Entries taken from a collection:
....
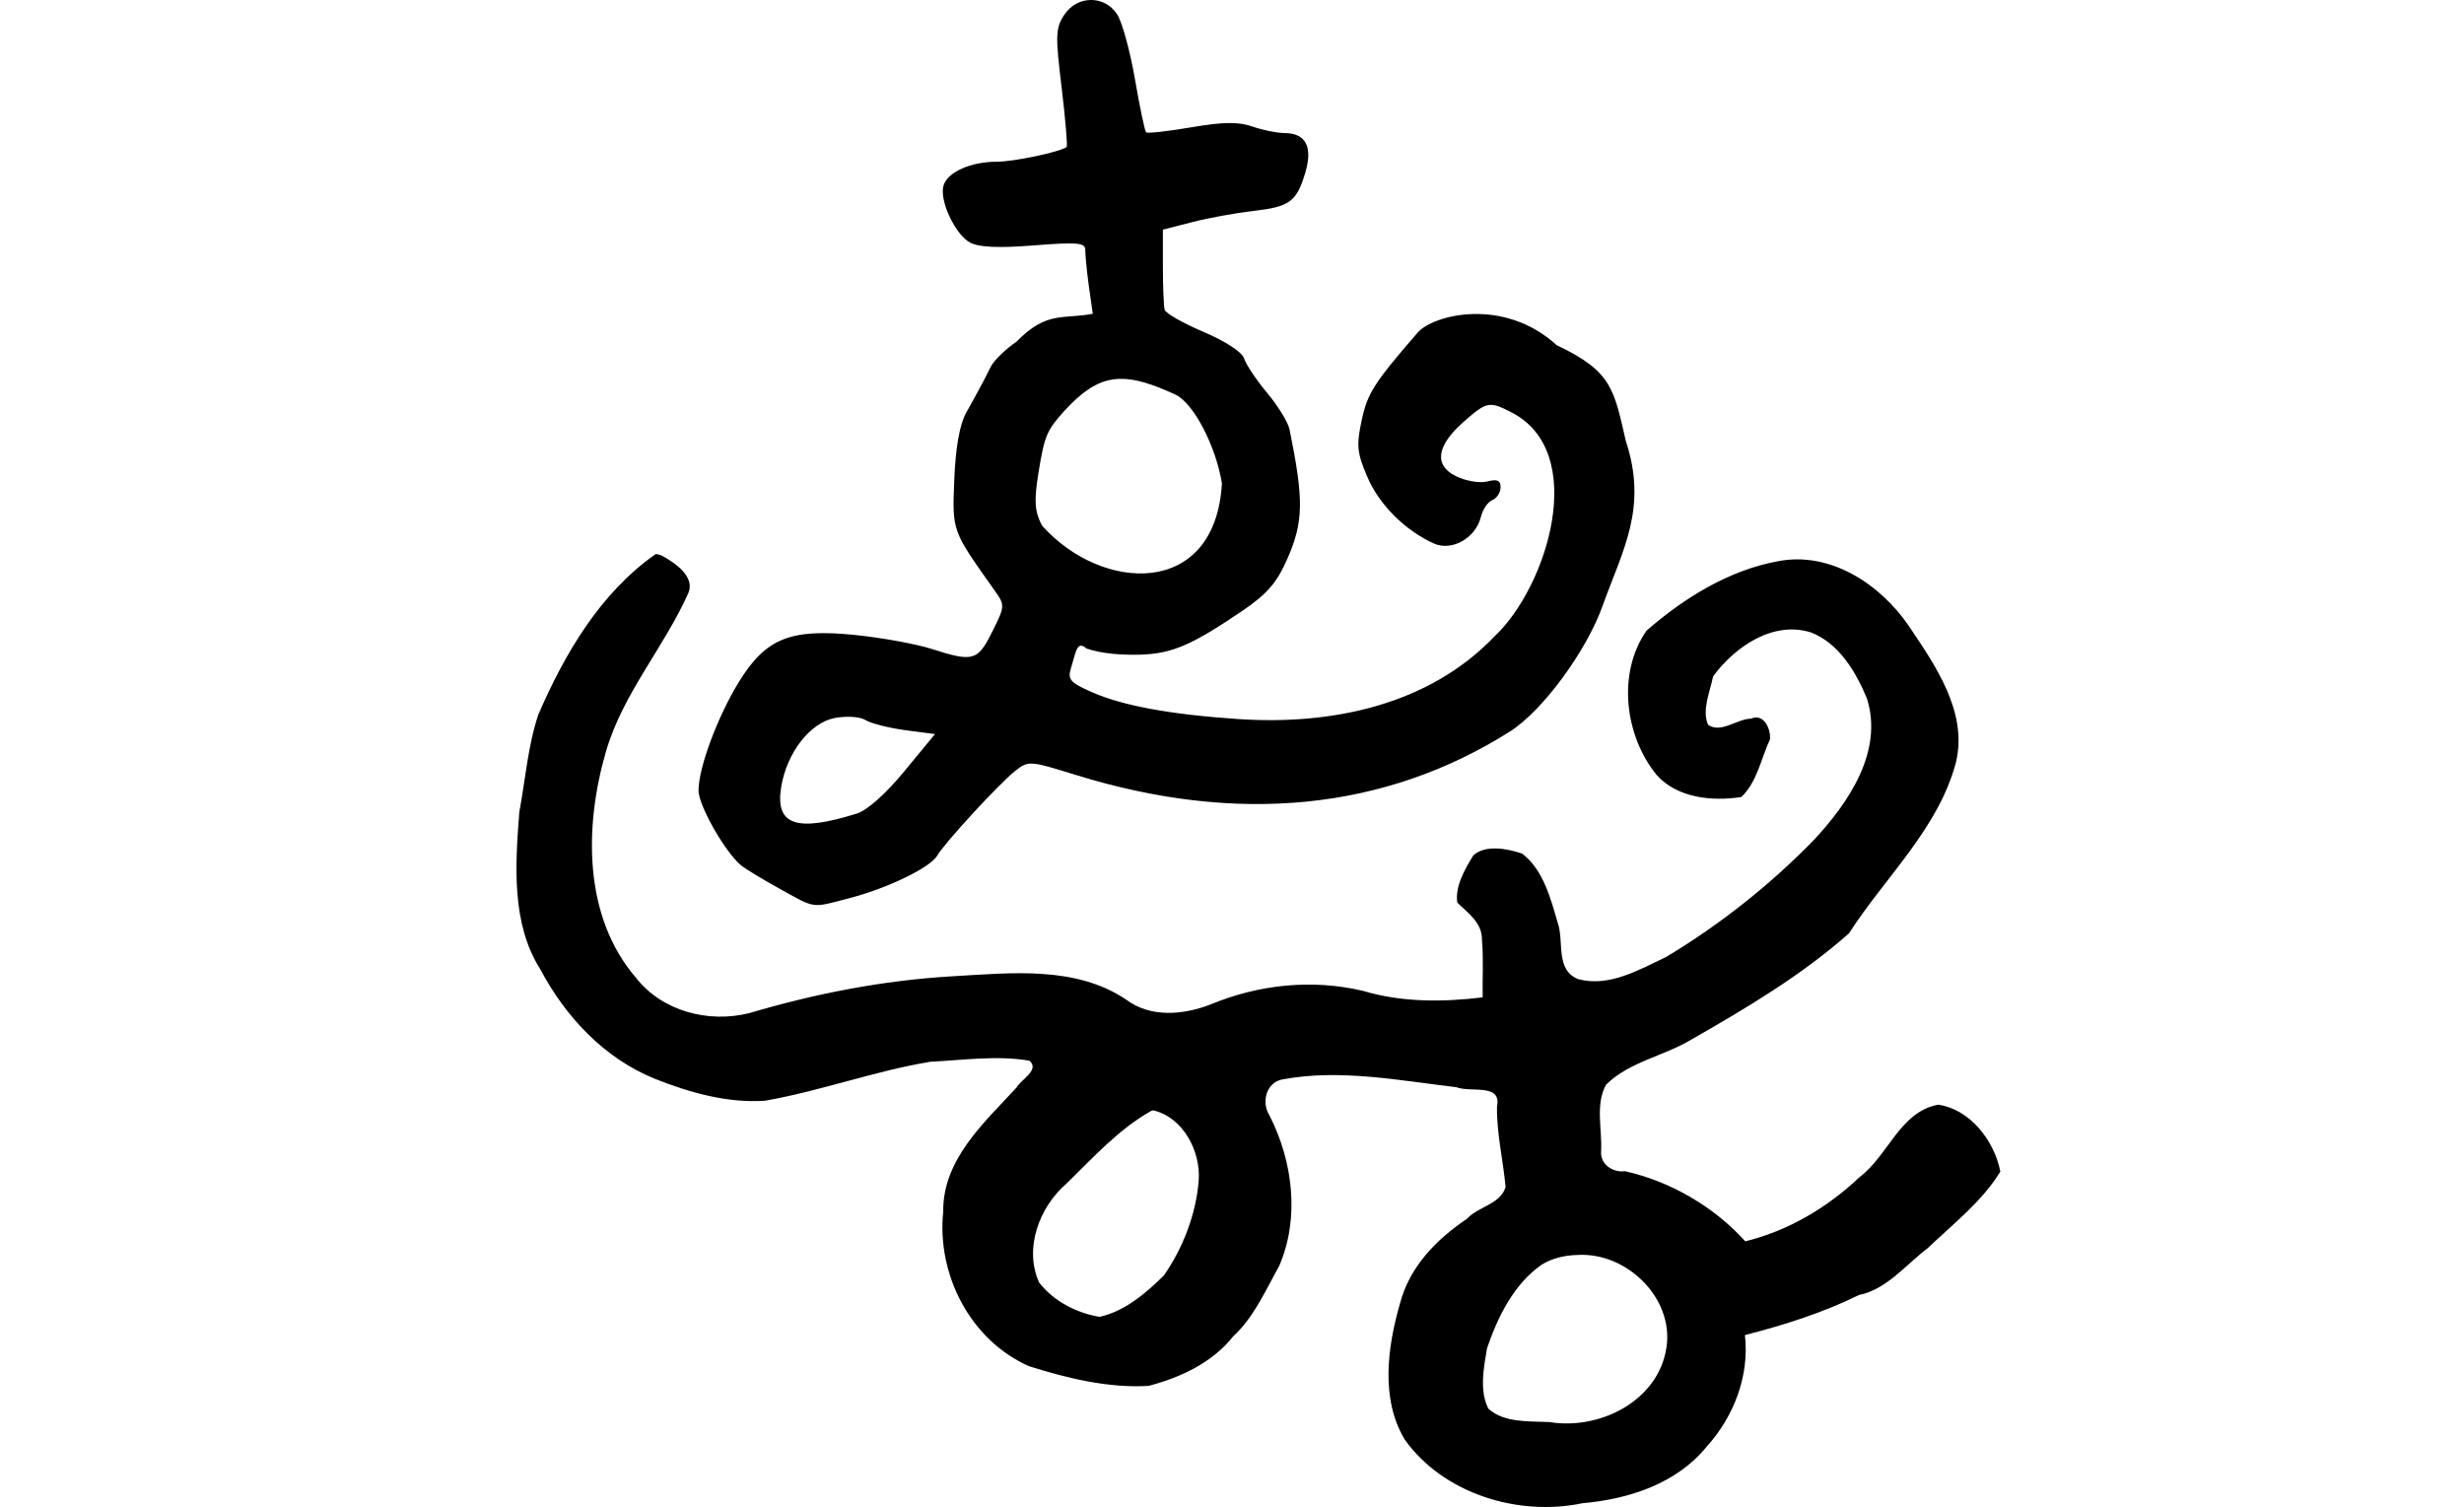 <?xml version="1.0" encoding="UTF-8" standalone="no"?>
<!-- Created with Inkscape (http://www.inkscape.org/) -->

<svg
   xmlns:dc="http://purl.org/dc/elements/1.1/"
   xmlns:cc="http://creativecommons.org/ns#"
   xmlns:rdf="http://www.w3.org/1999/02/22-rdf-syntax-ns#"
   xmlns:svg="http://www.w3.org/2000/svg"
   xmlns="http://www.w3.org/2000/svg"
   xmlns:sodipodi="http://sodipodi.sourceforge.net/DTD/sodipodi-0.dtd"
   xmlns:inkscape="http://www.inkscape.org/namespaces/inkscape"
   width="200"
   height="122.32"
   id="svg3021"
   version="1.1"
   inkscape:version="0.48.1 r9760"
   sodipodi:docname="longingly.svg">
  <defs
     id="defs3023" />
  <sodipodi:namedview
     id="base"
     pagecolor="#ffffff"
     bordercolor="#666666"
     borderopacity="1.0"
     inkscape:pageopacity="0.0"
     inkscape:pageshadow="2"
     inkscape:zoom="1.979899"
     inkscape:cx="-13.811505"
     inkscape:cy="83.432105"
     inkscape:document-units="px"
     inkscape:current-layer="layer1"
     showgrid="false"
     inkscape:window-width="1366"
     inkscape:window-height="744"
     inkscape:window-x="0"
     inkscape:window-y="24"
     inkscape:window-maximized="1"
     fit-margin-top="0"
     fit-margin-left="0"
     fit-margin-right="0"
     fit-margin-bottom="0"
     showguides="true"
     inkscape:guide-bbox="true" />
  <g
     inkscape:label="Layer 1"
     inkscape:groupmode="layer"
     id="layer1"
     transform="translate(-1531.591,-3289.678)">
    <path
       style="fill:#000000"
       d="m 1620.115,3289.678 c -0.813,0.01 -1.62,0.413 -2.149,1.22 -0.702,1.071 -0.714,1.678 -0.203,5.894 0.314,2.588 0.488,4.764 0.406,4.82 -0.604,0.42 -4.291,1.191 -5.662,1.191 -2.105,0 -3.982,0.831 -4.327,1.917 -0.376,1.184 0.932,3.994 2.149,4.646 0.713,0.382 2.291,0.46 5.169,0.232 3.494,-0.277 4.181,-0.228 4.181,0.348 0,0.378 0.121,1.698 0.29,2.933 l 0.319,2.265 c -2.363,0.473 -3.717,-0.27 -6.185,2.265 -0.877,0.597 -1.833,1.518 -2.091,2.033 -0.481,0.96 -0.646,1.314 -2.004,3.746 -0.511,0.915 -0.855,2.807 -0.958,5.401 -0.17,4.25 -0.216,4.097 3.281,9.03 0.844,1.19 0.836,1.258 -0.203,3.339 -1.182,2.366 -1.536,2.474 -4.907,1.394 -1.264,-0.405 -4.064,-0.913 -6.214,-1.133 -5.262,-0.536 -7.26,0.265 -9.437,3.804 -1.745,2.836 -3.281,6.973 -3.281,8.827 0,1.202 2.145,4.981 3.456,6.069 0.347,0.288 1.781,1.153 3.165,1.917 2.958,1.631 2.506,1.556 5.691,0.726 3.037,-0.791 6.496,-2.464 7.056,-3.426 0.607,-1.043 5.021,-5.837 6.301,-6.853 1.105,-0.876 1.166,-0.879 4.936,0.29 13.141,4.076 25.118,2.883 35.251,-3.514 2.635,-1.663 6.204,-6.504 7.521,-10.192 1.655,-4.598 3.688,-7.953 1.887,-13.415 -0.956,-4.128 -1.097,-5.637 -5.604,-7.753 -4.302,-3.933 -10.032,-2.478 -11.296,-1.016 -3.513,4.062 -4.061,4.897 -4.53,7.085 -0.445,2.075 -0.39,2.658 0.465,4.646 0.961,2.234 3.041,4.31 5.372,5.372 1.467,0.669 3.398,-0.416 3.833,-2.149 0.156,-0.622 0.566,-1.225 0.929,-1.365 0.363,-0.139 0.668,-0.623 0.668,-1.045 0,-0.575 -0.273,-0.673 -1.103,-0.465 -0.611,0.153 -1.756,-0.052 -2.526,-0.436 -1.814,-0.905 -1.565,-2.483 0.668,-4.443 1.825,-1.602 2.063,-1.655 3.804,-0.755 6.368,3.208 2.963,14.178 -1.336,18.206 -5.34,5.593 -13.25,7.222 -20.82,6.708 -5.601,-0.38 -9.383,-1.095 -11.847,-2.178 -1.758,-0.771 -1.997,-1.022 -1.713,-1.945 0.446,-1.45 0.48,-2.259 1.278,-1.597 1.251,0.421 2.845,0.535 4.356,0.494 2.575,-0.083 4.165,-0.77 8.217,-3.513 2.071,-1.402 2.852,-2.303 3.717,-4.269 1.325,-3.013 1.338,-4.818 0.174,-10.511 -0.113,-0.553 -0.912,-1.87 -1.8,-2.933 -0.888,-1.063 -1.734,-2.332 -1.887,-2.817 -0.165,-0.52 -1.509,-1.395 -3.281,-2.149 -1.65,-0.701 -3.085,-1.51 -3.165,-1.8 -0.08,-0.29 -0.145,-1.872 -0.145,-3.514 l 0,-2.991 2.381,-0.61 c 1.31,-0.339 3.523,-0.742 4.907,-0.9 3.017,-0.345 3.563,-0.753 4.269,-3.107 0.629,-2.098 0.042,-3.223 -1.684,-3.223 -0.574,0 -1.751,-0.232 -2.584,-0.523 -1.145,-0.4 -2.36,-0.393 -4.994,0.058 -1.916,0.328 -3.559,0.508 -3.659,0.406 -0.1,-0.102 -0.51,-2.028 -0.9,-4.298 -0.391,-2.269 -1.04,-4.656 -1.452,-5.285 -0.52,-0.794 -1.336,-1.171 -2.149,-1.161 z m 2.381,30.75 c 1.245,-0.026 2.68,0.43 4.559,1.307 1.465,0.757 3.23,4.171 3.717,7.172 -0.524,9.358 -9.781,8.865 -14.606,3.426 -0.587,-1.136 -0.658,-1.958 -0.29,-4.239 0.498,-3.091 0.675,-3.461 2.12,-5.081 1.615,-1.738 2.9,-2.55 4.501,-2.584 z m -37.69,14.228 c -4.479,3.133 -7.398,8.101 -9.524,13.038 -0.851,2.545 -1.046,5.281 -1.539,7.898 -0.326,4.28 -0.664,9.033 1.713,12.776 2.036,3.844 5.199,7.232 9.321,8.885 2.794,1.113 5.866,1.974 8.885,1.771 4.534,-0.786 8.934,-2.423 13.444,-3.165 2.657,-0.132 5.415,-0.537 8.043,-0.087 0.873,0.74 -0.69,1.534 -1.045,2.178 -2.628,2.851 -6.002,5.84 -5.953,10.076 -0.533,5.103 2.204,10.445 6.969,12.544 3.097,0.982 6.459,1.792 9.698,1.597 2.574,-0.669 5.188,-1.883 6.882,-4.036 1.638,-1.49 2.624,-3.729 3.717,-5.691 1.693,-3.901 1.111,-8.512 -0.784,-12.225 -0.685,-1.08 -0.259,-2.72 1.103,-2.933 4.647,-0.855 9.439,0.099 14.054,0.639 1.17,0.467 3.706,-0.349 3.31,1.568 -0.032,2.215 0.505,4.376 0.697,6.533 -0.41,1.407 -2.223,1.58 -3.136,2.584 -2.467,1.66 -4.647,3.874 -5.43,6.853 -1.022,3.553 -1.602,7.75 0.378,11.063 3.141,4.394 9.189,6.263 14.431,5.168 3.752,-0.324 7.642,-1.593 10.076,-4.588 2.208,-2.437 3.491,-5.756 3.107,-9.06 3.182,-0.811 6.322,-1.808 9.263,-3.252 2.245,-0.455 3.8,-2.459 5.575,-3.804 2.041,-1.948 4.421,-3.788 5.895,-6.214 -0.476,-2.469 -2.437,-5.066 -5.053,-5.43 -3.105,0.583 -4.045,4.128 -6.359,5.865 -2.6,2.468 -5.779,4.364 -9.292,5.227 -2.554,-2.838 -6.109,-4.877 -9.757,-5.691 -1,0.122 -2.03,-0.556 -1.945,-1.626 0.101,-1.775 -0.493,-3.783 0.406,-5.401 1.88,-1.866 4.734,-2.326 6.969,-3.688 4.428,-2.532 8.935,-5.212 12.747,-8.595 2.919,-4.548 7.261,-8.492 8.682,-13.88 0.977,-4.091 -1.675,-7.873 -3.862,-11.121 -2.321,-3.365 -6.367,-6.031 -10.598,-5.198 -4.004,0.732 -7.662,3.017 -10.657,5.633 -2.391,3.428 -1.78,8.516 0.813,11.702 1.672,1.892 4.54,2.167 6.882,1.8 1.281,-1.209 1.603,-3.124 2.323,-4.675 0.091,-0.84 -0.495,-2.148 -1.539,-1.684 -1.144,0.011 -2.428,1.23 -3.485,0.494 -0.519,-1.213 0.169,-2.681 0.406,-3.92 1.732,-2.379 4.863,-4.555 7.956,-3.571 2.269,0.883 3.636,3.197 4.53,5.343 1.375,4.328 -1.516,8.515 -4.327,11.528 -3.539,3.628 -7.608,6.851 -11.963,9.466 -2.195,1.039 -4.634,2.474 -7.143,1.8 -1.879,-0.743 -1.131,-3.074 -1.655,-4.559 -0.58,-1.971 -1.18,-4.345 -2.904,-5.633 -1.194,-0.398 -2.953,-0.748 -3.949,0.145 -0.686,1.114 -1.496,2.51 -1.306,3.833 0.871,0.861 2.034,1.637 2.003,3.02 0.137,1.548 0.03,3.123 0.058,4.675 -3.241,0.392 -6.564,0.412 -9.698,-0.523 -4.134,-0.98 -8.48,-0.529 -12.399,1.103 -2.2,0.848 -4.857,1.094 -6.853,-0.406 -4.108,-2.756 -9.361,-2.154 -14.054,-1.887 -5.62,0.323 -11.159,1.403 -16.522,2.991 -3.309,0.833 -7.082,-0.153 -9.205,-2.875 -4.283,-4.992 -4.185,-12.302 -2.439,-18.323 1.361,-4.723 4.733,-8.484 6.708,-12.922 0.533,-1.315 -1.095,-2.429 -2.12,-2.991 -0.168,-0.084 -0.371,-0.146 -0.552,-0.145 z m 15.303,13.212 c 0.735,-0.044 1.421,0.06 1.742,0.261 0.42,0.262 1.856,0.629 3.194,0.813 l 2.439,0.32 -2.468,2.991 c -1.485,1.814 -3.011,3.188 -3.862,3.455 -4.942,1.55 -6.657,0.941 -6.156,-2.149 0.451,-2.777 2.348,-5.228 4.356,-5.604 0.242,-0.045 0.51,-0.072 0.755,-0.087 z m 25.03,31.941 0.088,0 c 2.404,0.579 3.844,3.319 3.659,5.72 -0.221,2.731 -1.282,5.45 -2.817,7.666 -1.459,1.451 -3.204,2.926 -5.227,3.368 -1.863,-0.303 -3.742,-1.273 -4.907,-2.788 -1.252,-2.765 0.015,-6.119 2.207,-8.014 2.16,-2.102 4.251,-4.437 6.911,-5.924 l 0.087,-0.029 z m 34.496,11.731 c 4.115,-0.248 8.095,3.745 7.143,7.927 -0.882,4.095 -5.518,6.297 -9.437,5.633 -1.653,-0.071 -3.64,0.076 -4.936,-1.074 -0.752,-1.464 -0.379,-3.345 -0.116,-4.907 0.87,-2.553 2.178,-5.221 4.443,-6.795 0.871,-0.535 1.885,-0.757 2.904,-0.784 z"
       id="path4407"
       inkscape:connector-curvature="0" />
  </g>
</svg>
....
Using the entries above, give the number of lines that include "height", with no added words.

» **Task answer**
2